Data excerpts
※

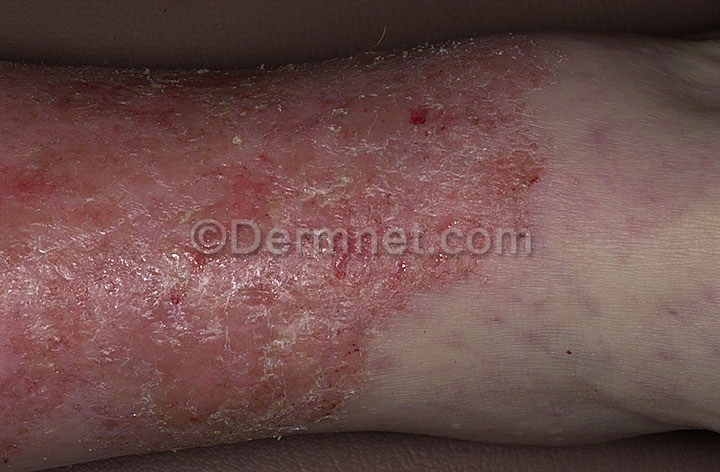
Disease: Eczema Photos
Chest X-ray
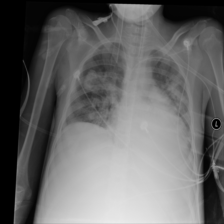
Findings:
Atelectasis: negative
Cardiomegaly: negative
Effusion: negative
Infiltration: negative
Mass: negative
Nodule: negative
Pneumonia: negative
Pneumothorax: negative
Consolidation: negative
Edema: negative
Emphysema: negative
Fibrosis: negative
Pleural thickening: negative
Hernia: negative
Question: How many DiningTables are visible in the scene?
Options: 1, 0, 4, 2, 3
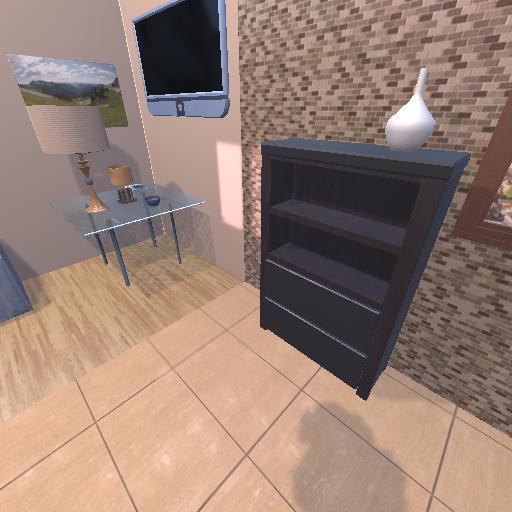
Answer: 1
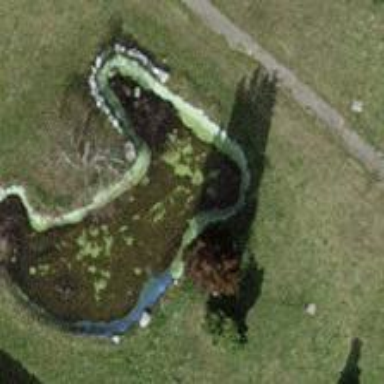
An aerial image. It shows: Pond surrounded by natural water.
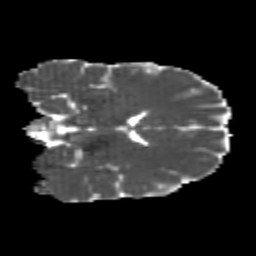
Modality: MD
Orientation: coronal
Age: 21
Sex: male
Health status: healthy
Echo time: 0.074 s
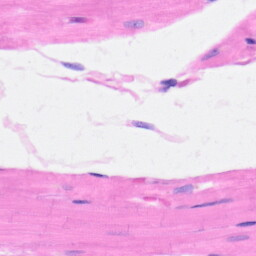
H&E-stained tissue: Heart
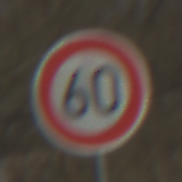
Verkehrszeichen: Geschwindigkeit60
Umgebung: Outdoor, Suburban
Tageszeit: MorningAfternoon
Wetter: PartlyCloudy
Licht: Natural
Jahreszeit: NotSpecified
Kontrast: HighContrast

※

| HOW TO COMPLETE THIS TASK |
Repeat the lines above exactly, beginning with the one containing "Mass: negative" and finishing with the one containing "An aerial image.". No pictures belong in the copy.

| EXERCISE RESULT |
Mass: negative
Nodule: negative
Pneumonia: negative
Pneumothorax: negative
Consolidation: negative
Edema: negative
Emphysema: negative
Fibrosis: negative
Pleural thickening: negative
Hernia: negative
Question: How many DiningTables are visible in the scene?
Options: 1, 0, 4, 2, 3
Answer: 1
An aerial image. It shows: Pond surrounded by natural water.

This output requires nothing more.